December 20, 1978
Appeal from summary judgment; Second Judicial District Court, Washoe County; Peter Breen, Judge.
Peter Chase Neumann, Reno, for Appellant.
Hibbs and Newton, and Frank H. Roberts, Reno, for Respondent.
Appellant's wife was severely injured in an automobile accident in November, 1976, and as a result of those injuries, she died. Appellant claims to have incurred medical expenses in excess of $23,000.00 on account of his wife's injuries.
Pursuant to the no-fault provisions of an automobile insurance policy covering appellant's two vehicles, respondent paid basic reparation benefits of $10,000.00.
Appellant contends respondent owes an additional $10,000.00 in basic reparation benefits because the policy insured two vehicles and charged a separate premium for each. Respondent on the other hand argues a limits of liability clause precludes this type of "stacking" of no-fault coverage. We disagree.
A provision of respondent's Nevada Basic Reparation Benefits Endorsement reads as follows:
f. LIMITS OF LIABILITY
Regardless of the number of persons insured, policies or bonds applicable, claims made, or insured motor vehicles to which this coverage applies, the company's liability for all basic reparation benefits with respect to bodily injury sustained by any one eligible insured person in any one motor vehicle accident shall not exceed $10,000.00 in the aggregate.
In Travelers Insurance Co. v. Lopez, 93 Nev. 463, 567 P.2d 471 (1971), we held that the Nevada Motor Vehicle Insurance Act, Chapter 698, NRS, did not preclude stacking two or more obligations to pay basic reparation benefits where two policies insuring the same vehicle were on the same level of priority, but that the Act merely precluded recovery for the same items of damage. Both policies issued to Lopez provided for payment of basic reparation benefits of $10,000.00 and both contained "other insurance" clauses purporting to limit the maximum amount recoverable from all sources to $10,000.00. Lopez was involved in an accident with an uninsured motorist and incurred medical expenses in excess of $20,000.00. Travelers denied liability on the ground that the insured had already received benefits of $10,000.00 from Ambassador Insurance Co., Lopez' other insurer. We had little difficulty in declaring the "other insurance" clause null and void. Travelers was required to pay $10,000.00 under the basic reparations provision of its policy.
The Court held:
Accordingly, the better view favors [Lopez'] position that an insured is entitled to payment in full up to the policy limit with respect to each policy under which coverage is afforded, and that `other insurance' clauses and similar clauses which purport to limit liability are void. [Citations omitted.] Travelers Insurance Co. v. Lopez, supra, 93 Nev. at 468.
Respondent attempts to distinguish Lopez on the grounds that (1) the "limitation of liability" clause herein involved is valid, and (2) the separate premiums Cooke paid were for no-fault coverage on two separate vehicles. These distinctions do not require a contrary result. Compare, Travelers Indem. Co. v. Wolfson, 348 So.2d 661 (Fla.App. 1977); Chappelear v. Allstate Ins. Co., 347 So.2d 477 (Fla.App. 1977); and Fla. Stat. Ann. 627-736 which specifically limits the maximum amount of no-fault benefits recoverable to $5,000.00.
Here, appellant paid two premiums for two separate no-fault coverages. The public policy of this state prevents the insurance company from limiting its liability to a single recovery under such circumstances. Allstate Insurance Co. v. Maglish, 94 Nev. 699, 586 P.2d 313 (1978); Travelers Insurance Co. v.

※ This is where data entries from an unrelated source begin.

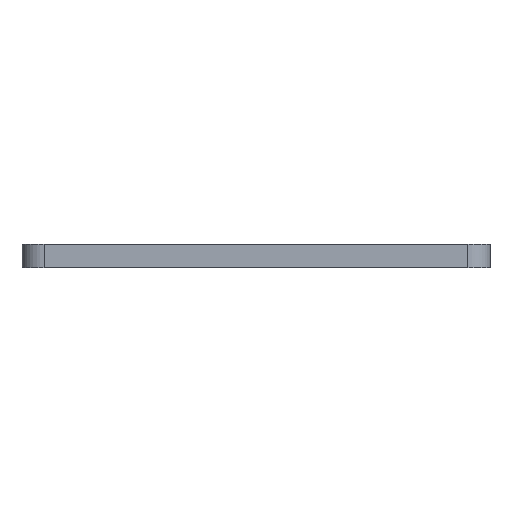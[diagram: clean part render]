
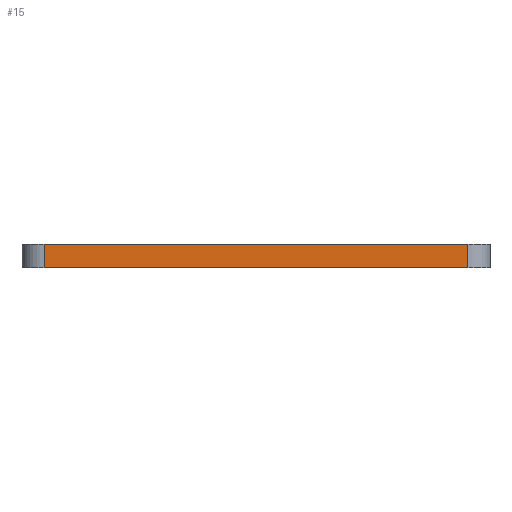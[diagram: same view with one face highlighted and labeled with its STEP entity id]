
A CAD part, left-side view. The second image highlights one B-rep face of the part: STEP entity #15.
In plain terms, the highlighted planar face has unit normal (-1, 0, 0).
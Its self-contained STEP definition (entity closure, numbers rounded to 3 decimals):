
#15=ADVANCED_FACE('',(#97),#1193,.T.);
#97=FACE_OUTER_BOUND('',#175,.T.);
#175=EDGE_LOOP('',(#292,#293,#294,#295));
#292=ORIENTED_EDGE('',*,*,#641,.F.);
#293=ORIENTED_EDGE('',*,*,#623,.F.);
#294=ORIENTED_EDGE('',*,*,#642,.F.);
#295=ORIENTED_EDGE('',*,*,#640,.F.);
#623=EDGE_CURVE('',#1050,#1051,#919,.T.);
#640=EDGE_CURVE('',#1084,#1085,#936,.T.);
#641=EDGE_CURVE('',#1051,#1084,#937,.T.);
#642=EDGE_CURVE('',#1085,#1050,#938,.T.);
#919=B_SPLINE_CURVE_WITH_KNOTS('',1,(#2072,#2073),.UNSPECIFIED.,.F.,.F.,
(2,2),(0.,76.),.UNSPECIFIED.);
#936=B_SPLINE_CURVE_WITH_KNOTS('',1,(#2106,#2107),.UNSPECIFIED.,.F.,.F.,
(2,2),(-76.,0.),.UNSPECIFIED.);
#937=B_SPLINE_CURVE_WITH_KNOTS('',1,(#2108,#2109),.UNSPECIFIED.,.F.,.F.,
(2,2),(-4.15,0.),.UNSPECIFIED.);
#938=B_SPLINE_CURVE_WITH_KNOTS('',1,(#2110,#2111),.UNSPECIFIED.,.F.,.F.,
(2,2),(-4.15,0.),.UNSPECIFIED.);
#1050=VERTEX_POINT('',#1960);
#1051=VERTEX_POINT('',#1961);
#1084=VERTEX_POINT('',#1994);
#1085=VERTEX_POINT('',#1995);
#1193=PLANE('',#1319);
#1319=AXIS2_PLACEMENT_3D('',#1609,#1436,$);
#1436=DIRECTION('',(-1.,0.,0.));
#1609=CARTESIAN_POINT('',(-21.,-24.6,-0.415));
#1960=CARTESIAN_POINT('',(-21.,-17.,0.));
#1961=CARTESIAN_POINT('',(-21.,59.,0.));
#1994=CARTESIAN_POINT('',(-21.,59.,4.15));
#1995=CARTESIAN_POINT('',(-21.,-17.,4.15));
#2072=CARTESIAN_POINT('',(-21.,-17.,0.));
#2073=CARTESIAN_POINT('',(-21.,59.,0.));
#2106=CARTESIAN_POINT('',(-21.,59.,4.15));
#2107=CARTESIAN_POINT('',(-21.,-17.,4.15));
#2108=CARTESIAN_POINT('',(-21.,59.,0.));
#2109=CARTESIAN_POINT('',(-21.,59.,4.15));
#2110=CARTESIAN_POINT('',(-21.,-17.,4.15));
#2111=CARTESIAN_POINT('',(-21.,-17.,0.));

Lopez, supra. The insured is entitled to the protection he may reasonably expect for the premiums he pays.
Recently, in Allstate Insurance Co. v. Maglish, supra, we permitted stacking of uninsured motorist coverage where a single policy insured two vehicles. Separate premiums were charged for the coverage and we declared the liability limiting clause in that case contrary to public policy. Respondent offers no compelling reason why the same result should not obtain in the instant case regarding no-fault coverage. See also, State Farm Mut. Auto. Ins. v. Hinkel, 87 Nev. 478, 488 P.2d 1151 (1971); United Services Auto. Ass'n v. Dokter, 86 Nev. 917, 478 P.2d 583 (1970).
The clause provided:
The limit of liability stated in the declarations as applicable to `each person' is the limit of Allstate's liability for all damages . . . suffered by one person as the result of any one accident and, . . . the limit of liability stated in the declarations as applicable to `each accident' is the total limit of Allstate's liability for all damages . . . sustained by one or more persons as the result of any one accident.
Accordingly, we reverse the summary judgment and remand to the district court for further proceedings consistent with our opinion.